Xilinx / finn-examples

Dataflow QNN inference accelerator examples on FPGAs
BSD 3-Clause "New" or "Revised" License
181 stars 59 forks source link

Residual structure cannot be converted to hls #67

Open TATynise opened 1 year ago

TATynise commented 1 year ago

Hi,I encountered "cycle-free graph violated: partition depends on itself" while running a custom network on finn.I have tried adjusting the streamlining and convert_to_hls steps according to ResNet-50 finn-example, but it still failed.

This is the residual part of the network:

image

Refer to "cnv_end2end_example",after streamline the residual part is as shown in the figure:

image

Refer to the "streamline nonlinear" step in ResNet50 finn-example, as shown in the figure:

image

Then converted to hls, as shown in the figure:

image When finally using "parent_model = model.transform(CreateDataflowPartition())", it failed because the residual part was not converted successfully.I have tried many ways but nothing works, I hope you can provide some guidance.

Thanks.

mmrahorovic commented 10 months ago

Hi @TATynise,

Thanks for your question!

Residual networks are indeed a bit tricky since it requires a streamlining process that's relatively more involved compared to linear networks. It looks like the streamlining process didn't 'fully streamline' the graph -- meaning you have a few floating point operators left in your network. In the final image you showed, you can see that the Mul and Add nodes (which are regular ONNX node) are mixed with the so-called fpgadataflow nodes (FMPadding_Batch, ConvolutionInputGenerator). The CreateDataflowPartition transform will partition your model in smaller sub-models, where each sub-model will consists of (exclusively) nodes that are either standard ONNX nodes or fpgadataflow-type nodes (i.e. nodes that will in the end run on the FPGA). Since your network is residual and contains many of these regular ONNX node mixed with fpgadataflow-type nodes, the partitioning becomes more complicated and breaks along the way somewhere.
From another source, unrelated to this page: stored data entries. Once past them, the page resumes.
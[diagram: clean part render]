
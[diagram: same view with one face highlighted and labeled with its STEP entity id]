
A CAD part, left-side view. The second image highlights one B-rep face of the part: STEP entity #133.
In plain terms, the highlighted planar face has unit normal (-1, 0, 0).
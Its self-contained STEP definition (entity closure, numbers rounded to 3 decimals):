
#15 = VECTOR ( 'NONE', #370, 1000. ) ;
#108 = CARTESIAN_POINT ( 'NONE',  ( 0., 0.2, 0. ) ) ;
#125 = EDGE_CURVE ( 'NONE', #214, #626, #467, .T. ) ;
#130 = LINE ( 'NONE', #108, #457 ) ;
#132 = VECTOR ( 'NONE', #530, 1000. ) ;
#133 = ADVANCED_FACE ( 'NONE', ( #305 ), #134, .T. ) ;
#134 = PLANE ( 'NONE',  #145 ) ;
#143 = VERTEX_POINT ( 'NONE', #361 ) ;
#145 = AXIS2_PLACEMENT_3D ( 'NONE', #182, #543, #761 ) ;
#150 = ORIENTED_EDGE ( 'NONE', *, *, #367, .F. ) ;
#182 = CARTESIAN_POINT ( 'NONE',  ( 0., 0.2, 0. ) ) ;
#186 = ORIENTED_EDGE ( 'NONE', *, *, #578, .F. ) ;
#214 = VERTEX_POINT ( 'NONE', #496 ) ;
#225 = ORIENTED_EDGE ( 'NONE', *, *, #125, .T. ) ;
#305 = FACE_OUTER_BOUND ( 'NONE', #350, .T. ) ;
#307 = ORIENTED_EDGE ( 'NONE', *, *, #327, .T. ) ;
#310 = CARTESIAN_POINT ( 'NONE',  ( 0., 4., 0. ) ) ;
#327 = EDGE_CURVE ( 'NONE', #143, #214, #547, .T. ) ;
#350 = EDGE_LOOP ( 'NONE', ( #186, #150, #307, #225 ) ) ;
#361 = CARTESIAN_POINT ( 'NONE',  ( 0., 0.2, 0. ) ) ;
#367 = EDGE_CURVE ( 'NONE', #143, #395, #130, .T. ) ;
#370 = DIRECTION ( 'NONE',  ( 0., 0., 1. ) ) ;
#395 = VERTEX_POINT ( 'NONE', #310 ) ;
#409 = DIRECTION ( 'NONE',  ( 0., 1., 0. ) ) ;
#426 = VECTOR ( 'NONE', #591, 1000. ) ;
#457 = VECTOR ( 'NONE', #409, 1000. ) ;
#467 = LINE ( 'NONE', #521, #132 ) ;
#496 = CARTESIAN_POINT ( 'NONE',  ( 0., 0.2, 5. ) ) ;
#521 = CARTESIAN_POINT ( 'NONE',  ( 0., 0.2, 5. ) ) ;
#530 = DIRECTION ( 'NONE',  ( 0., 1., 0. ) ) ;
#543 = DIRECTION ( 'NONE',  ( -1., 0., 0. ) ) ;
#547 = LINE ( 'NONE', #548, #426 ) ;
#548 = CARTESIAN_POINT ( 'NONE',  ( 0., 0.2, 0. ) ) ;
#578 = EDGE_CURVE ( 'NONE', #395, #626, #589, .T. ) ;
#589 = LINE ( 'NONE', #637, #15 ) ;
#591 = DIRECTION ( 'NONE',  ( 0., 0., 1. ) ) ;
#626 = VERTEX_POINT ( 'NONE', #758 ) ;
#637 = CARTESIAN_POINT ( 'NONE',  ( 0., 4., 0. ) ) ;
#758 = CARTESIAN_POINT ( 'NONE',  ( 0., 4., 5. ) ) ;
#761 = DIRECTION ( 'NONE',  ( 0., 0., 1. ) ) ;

To resolve this, I would first suggest to revisit the streamlining of your network, since I presume your target is to run the full network on the FPGA rather than partly. One trick to make this easier, is to add uniform quantizers at the end of both residual lanes in your custom network (before exporting it with Brevitas). In the third image you showed, this would result in having a MultiThreshold node at the end of both lanes. These MultiThreshold nodes are essentially what allows us to streamline away floating point operators by moving them around and absorbing them in those MultiThreshold thresholds. By then calling transforms such as AbsorbAddIntoMultiThreshold and AbsorbMulIntoMultiThreshold, those floating point operators will be absorbed in the thresholds of the subsequent MultiThreshold node.

This would remove the floating point operators you showed in the screenshots and bring you one step closer to full FPGA execution. Hope this helps you further and please let us know if you run into further issues!